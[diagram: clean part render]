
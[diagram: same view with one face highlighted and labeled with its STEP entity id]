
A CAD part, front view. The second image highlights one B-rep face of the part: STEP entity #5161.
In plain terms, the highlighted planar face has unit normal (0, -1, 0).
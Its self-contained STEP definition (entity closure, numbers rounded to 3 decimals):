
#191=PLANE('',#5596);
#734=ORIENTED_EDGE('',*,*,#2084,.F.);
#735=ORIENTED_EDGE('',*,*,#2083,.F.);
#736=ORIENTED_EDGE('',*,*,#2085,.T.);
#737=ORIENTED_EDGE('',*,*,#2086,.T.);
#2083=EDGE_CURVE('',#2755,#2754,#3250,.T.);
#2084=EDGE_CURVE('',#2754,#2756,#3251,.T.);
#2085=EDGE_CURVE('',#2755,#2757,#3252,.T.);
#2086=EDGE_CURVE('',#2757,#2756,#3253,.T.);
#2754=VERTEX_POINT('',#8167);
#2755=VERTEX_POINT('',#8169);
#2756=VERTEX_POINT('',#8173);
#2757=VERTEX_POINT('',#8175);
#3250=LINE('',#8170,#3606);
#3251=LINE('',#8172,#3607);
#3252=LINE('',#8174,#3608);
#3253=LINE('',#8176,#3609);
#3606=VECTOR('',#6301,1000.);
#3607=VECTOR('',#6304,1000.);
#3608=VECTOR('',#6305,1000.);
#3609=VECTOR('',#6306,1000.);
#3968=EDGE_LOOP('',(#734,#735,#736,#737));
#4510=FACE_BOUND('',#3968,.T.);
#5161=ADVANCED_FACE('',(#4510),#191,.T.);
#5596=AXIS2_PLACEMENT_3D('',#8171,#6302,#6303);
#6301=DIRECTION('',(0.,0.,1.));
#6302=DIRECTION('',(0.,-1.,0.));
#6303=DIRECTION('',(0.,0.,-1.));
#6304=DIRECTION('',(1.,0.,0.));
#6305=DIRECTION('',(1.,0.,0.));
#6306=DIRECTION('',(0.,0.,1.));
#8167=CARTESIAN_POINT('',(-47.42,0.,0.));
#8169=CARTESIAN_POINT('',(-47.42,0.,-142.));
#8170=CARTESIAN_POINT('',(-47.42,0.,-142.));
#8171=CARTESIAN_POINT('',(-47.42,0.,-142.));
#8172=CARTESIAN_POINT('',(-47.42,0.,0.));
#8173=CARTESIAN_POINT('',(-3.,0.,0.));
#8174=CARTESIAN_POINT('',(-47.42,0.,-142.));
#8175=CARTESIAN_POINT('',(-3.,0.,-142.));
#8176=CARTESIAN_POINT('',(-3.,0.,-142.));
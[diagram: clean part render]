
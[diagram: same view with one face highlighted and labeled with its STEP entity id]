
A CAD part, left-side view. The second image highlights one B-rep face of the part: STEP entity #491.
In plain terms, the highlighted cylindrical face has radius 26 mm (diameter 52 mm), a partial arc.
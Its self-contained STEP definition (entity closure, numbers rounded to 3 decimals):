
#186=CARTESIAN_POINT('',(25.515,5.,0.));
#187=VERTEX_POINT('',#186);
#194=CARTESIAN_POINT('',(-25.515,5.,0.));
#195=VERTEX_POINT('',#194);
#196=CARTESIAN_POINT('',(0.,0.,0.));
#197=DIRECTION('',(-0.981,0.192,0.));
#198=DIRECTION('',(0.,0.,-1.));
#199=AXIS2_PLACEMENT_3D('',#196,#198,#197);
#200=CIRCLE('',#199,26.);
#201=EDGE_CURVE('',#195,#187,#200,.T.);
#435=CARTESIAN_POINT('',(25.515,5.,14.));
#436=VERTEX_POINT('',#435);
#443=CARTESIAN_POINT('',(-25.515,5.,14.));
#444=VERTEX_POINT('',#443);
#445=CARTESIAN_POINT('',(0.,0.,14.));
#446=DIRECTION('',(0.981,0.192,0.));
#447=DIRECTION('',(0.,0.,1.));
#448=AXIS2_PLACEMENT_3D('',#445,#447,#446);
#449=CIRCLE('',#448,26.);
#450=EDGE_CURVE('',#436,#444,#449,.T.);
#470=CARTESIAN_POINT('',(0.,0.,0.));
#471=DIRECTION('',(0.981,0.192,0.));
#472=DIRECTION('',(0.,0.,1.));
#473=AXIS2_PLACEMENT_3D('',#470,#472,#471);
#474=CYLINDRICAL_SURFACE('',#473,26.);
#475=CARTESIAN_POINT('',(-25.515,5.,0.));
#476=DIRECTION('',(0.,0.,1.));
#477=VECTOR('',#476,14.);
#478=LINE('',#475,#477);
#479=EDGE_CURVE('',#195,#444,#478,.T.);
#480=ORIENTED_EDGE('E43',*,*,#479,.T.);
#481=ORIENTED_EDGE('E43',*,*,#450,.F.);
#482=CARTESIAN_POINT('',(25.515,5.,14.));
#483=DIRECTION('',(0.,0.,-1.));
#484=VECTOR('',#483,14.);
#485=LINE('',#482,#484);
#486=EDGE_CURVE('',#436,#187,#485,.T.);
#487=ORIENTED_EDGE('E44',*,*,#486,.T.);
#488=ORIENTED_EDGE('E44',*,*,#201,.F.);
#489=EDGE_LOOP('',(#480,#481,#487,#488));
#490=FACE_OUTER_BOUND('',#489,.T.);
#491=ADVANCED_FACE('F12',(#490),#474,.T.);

— EXERCISE —
The material above should be returned exactly, in full.

— OUTPUT FOR THIS EXERCISE —
[diagram: clean part render]
[diagram: same view with one face highlighted and labeled with its STEP entity id]
A CAD part, front view. The second image highlights one B-rep face of the part: STEP entity #5161.
In plain terms, the highlighted planar face has unit normal (0, -1, 0).
Its self-contained STEP definition (entity closure, numbers rounded to 3 decimals):
#191=PLANE('',#5596);
#734=ORIENTED_EDGE('',*,*,#2084,.F.);
#735=ORIENTED_EDGE('',*,*,#2083,.F.);
#736=ORIENTED_EDGE('',*,*,#2085,.T.);
#737=ORIENTED_EDGE('',*,*,#2086,.T.);
#2083=EDGE_CURVE('',#2755,#2754,#3250,.T.);
#2084=EDGE_CURVE('',#2754,#2756,#3251,.T.);
#2085=EDGE_CURVE('',#2755,#2757,#3252,.T.);
#2086=EDGE_CURVE('',#2757,#2756,#3253,.T.);
#2754=VERTEX_POINT('',#8167);
#2755=VERTEX_POINT('',#8169);
#2756=VERTEX_POINT('',#8173);
#2757=VERTEX_POINT('',#8175);
#3250=LINE('',#8170,#3606);
#3251=LINE('',#8172,#3607);
#3252=LINE('',#8174,#3608);
#3253=LINE('',#8176,#3609);
#3606=VECTOR('',#6301,1000.);
#3607=VECTOR('',#6304,1000.);
#3608=VECTOR('',#6305,1000.);
#3609=VECTOR('',#6306,1000.);
#3968=EDGE_LOOP('',(#734,#735,#736,#737));
#4510=FACE_BOUND('',#3968,.T.);
#5161=ADVANCED_FACE('',(#4510),#191,.T.);
#5596=AXIS2_PLACEMENT_3D('',#8171,#6302,#6303);
#6301=DIRECTION('',(0.,0.,1.));
#6302=DIRECTION('',(0.,-1.,0.));
#6303=DIRECTION('',(0.,0.,-1.));
#6304=DIRECTION('',(1.,0.,0.));
#6305=DIRECTION('',(1.,0.,0.));
#6306=DIRECTION('',(0.,0.,1.));
#8167=CARTESIAN_POINT('',(-47.42,0.,0.));
#8169=CARTESIAN_POINT('',(-47.42,0.,-142.));
#8170=CARTESIAN_POINT('',(-47.42,0.,-142.));
#8171=CARTESIAN_POINT('',(-47.42,0.,-142.));
#8172=CARTESIAN_POINT('',(-47.42,0.,0.));
#8173=CARTESIAN_POINT('',(-3.,0.,0.));
#8174=CARTESIAN_POINT('',(-47.42,0.,-142.));
#8175=CARTESIAN_POINT('',(-3.,0.,-142.));
#8176=CARTESIAN_POINT('',(-3.,0.,-142.));
[diagram: clean part render]
[diagram: same view with one face highlighted and labeled with its STEP entity id]
A CAD part, left-side view. The second image highlights one B-rep face of the part: STEP entity #491.
In plain terms, the highlighted cylindrical face has radius 26 mm (diameter 52 mm), a partial arc.
Its self-contained STEP definition (entity closure, numbers rounded to 3 decimals):
#186=CARTESIAN_POINT('',(25.515,5.,0.));
#187=VERTEX_POINT('',#186);
#194=CARTESIAN_POINT('',(-25.515,5.,0.));
#195=VERTEX_POINT('',#194);
#196=CARTESIAN_POINT('',(0.,0.,0.));
#197=DIRECTION('',(-0.981,0.192,0.));
#198=DIRECTION('',(0.,0.,-1.));
#199=AXIS2_PLACEMENT_3D('',#196,#198,#197);
#200=CIRCLE('',#199,26.);
#201=EDGE_CURVE('',#195,#187,#200,.T.);
#435=CARTESIAN_POINT('',(25.515,5.,14.));
#436=VERTEX_POINT('',#435);
#443=CARTESIAN_POINT('',(-25.515,5.,14.));
#444=VERTEX_POINT('',#443);
#445=CARTESIAN_POINT('',(0.,0.,14.));
#446=DIRECTION('',(0.981,0.192,0.));
#447=DIRECTION('',(0.,0.,1.));
#448=AXIS2_PLACEMENT_3D('',#445,#447,#446);
#449=CIRCLE('',#448,26.);
#450=EDGE_CURVE('',#436,#444,#449,.T.);
#470=CARTESIAN_POINT('',(0.,0.,0.));
#471=DIRECTION('',(0.981,0.192,0.));
#472=DIRECTION('',(0.,0.,1.));
#473=AXIS2_PLACEMENT_3D('',#470,#472,#471);
#474=CYLINDRICAL_SURFACE('',#473,26.);
#475=CARTESIAN_POINT('',(-25.515,5.,0.));
#476=DIRECTION('',(0.,0.,1.));
#477=VECTOR('',#476,14.);
#478=LINE('',#475,#477);
#479=EDGE_CURVE('',#195,#444,#478,.T.);
#480=ORIENTED_EDGE('E43',*,*,#479,.T.);
#481=ORIENTED_EDGE('E43',*,*,#450,.F.);
#482=CARTESIAN_POINT('',(25.515,5.,14.));
#483=DIRECTION('',(0.,0.,-1.));
#484=VECTOR('',#483,14.);
#485=LINE('',#482,#484);
#486=EDGE_CURVE('',#436,#187,#485,.T.);
#487=ORIENTED_EDGE('E44',*,*,#486,.T.);
#488=ORIENTED_EDGE('E44',*,*,#201,.F.);
#489=EDGE_LOOP('',(#480,#481,#487,#488));
#490=FACE_OUTER_BOUND('',#489,.T.);
#491=ADVANCED_FACE('F12',(#490),#474,.T.);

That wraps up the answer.